What the "Ginseng Fruit" Reveals About "Seeing the Mind and Recognizing the Nature

 What the "Ginseng Fruit" Reveals About "Seeing the Mind and Recognizing the Nature

Nantai


 

The "Ginseng Fruit" is a famous item in *Journey to the West*. Although its power is not as great as the peaches in the Queen Mother’s garden, it leaves a deeper impression on people. So what does the Ginseng Fruit really symbolize? Let’s review how it is described.

 

First, "Ginseng Fruit" (rénshēn guǒ) sounds identical to "Human Life Fruit" (rénshēng guǒ), referring to the arising of life. Notice the character **"birth"** (shēng). All worldly phenomena are relative: where there is **birth**, there is **extinction**; this is the cycle of birth and death, the condition of ordinary beings in the mundane world. Yet this state emerges from the **non-birth and non-extinction** into the realm of birth and extinction — a descent from the sacred to the ordinary, an **outflow**.

 

This teaches the principle from the *Śūragama Sūtra*:

> **The mind manifests all dharmas; not a single dharma exists apart from the mind.**

 

This is called **"Seeing the Mind" (Míngxīn)**.

 

Next, the Ginseng Fruit is also known as **"Grass Reverting Elixir"** (Cǎo Huándān).

- **"Grass"** represents all things in the world.

- **"Elixir"** is the sacred fruit attained only by successful practitioners.

 

Moving from an ordinary mortal to a sage who has realized the elixir is an inward journey, a sage who has **entered the stream**. This reveals another teaching from the *Śūragama Sūtra*:

> **All dharmas are only the mind; not a single dharma exists apart from the mind.**

 

The term **"dharmas"** is equivalent to "grass" — it includes everything in the world: sun, moon, stars, wind, clouds, rain, mist, mountains, rivers, earth, trees, flowers, heavenly beings, humans, ghosts, and spirits. This is **"Recognizing the Nature" (Jiànxìng)**.

 

Taken together, the outward movement of the Ginseng Fruit and the inward return of the Grass Reverting Elixir represent Buddhism’s most profound teaching: **"Seeing the Mind and Recognizing the Nature" (Míngxīn Jiànxìng)**.

 

Note the direction:

- **Zhenyuanzi** goes outward — he sees the mind, an outflow.

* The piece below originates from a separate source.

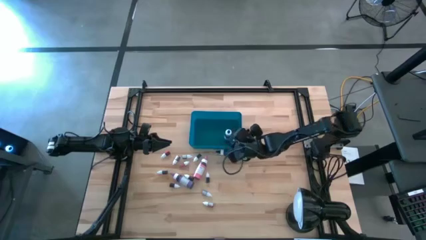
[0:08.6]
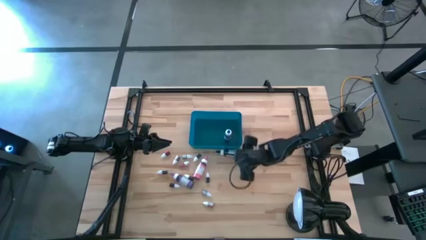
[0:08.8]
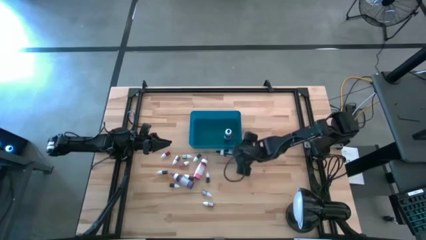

Though he is the ancestor of earth immortals and more spiritually powerful than Sun Wukong, he descends from the sacred to the ordinary and remains a mortal.

- **Sun Wukong** journeys inward — he recognizes the nature, an inflow, and becomes a sage entering the stream.

 

This explains why the Ginseng Fruit tree is:

> "A numinous root produced at the first division of chaos and the beginning of the cosmos, before heaven and earth separated. Among the four great continents, it grows only in the Wuzhuang Temple in Xiniu Hezhou."

 

It is Zhenyuanzi’s private treasure in his rear garden.

The character **"West"** in "Xiniu Hezhou" means the place where the sun sets, the ultimate destination — one’s **original face**. In truth, this is the **mind**.

The mind is the Buddha; to find the mind is to see the Buddha; to understand the mind is to attain Buddhahood. This is why "Seeing the Mind and Recognizing the Nature" means **becoming a Buddha**.

 

Note that "Seeing the Mind and Recognizing the Nature" has different levels:

- In the **common teaching**, it sees emptiness — not ultimate.

- In the **distinct teaching**, it sees the middle way — still not ultimate.

- Only in the **perfect teaching** of bodhisattvas does it see the full nature — the truly unconditioned and ultimate realization.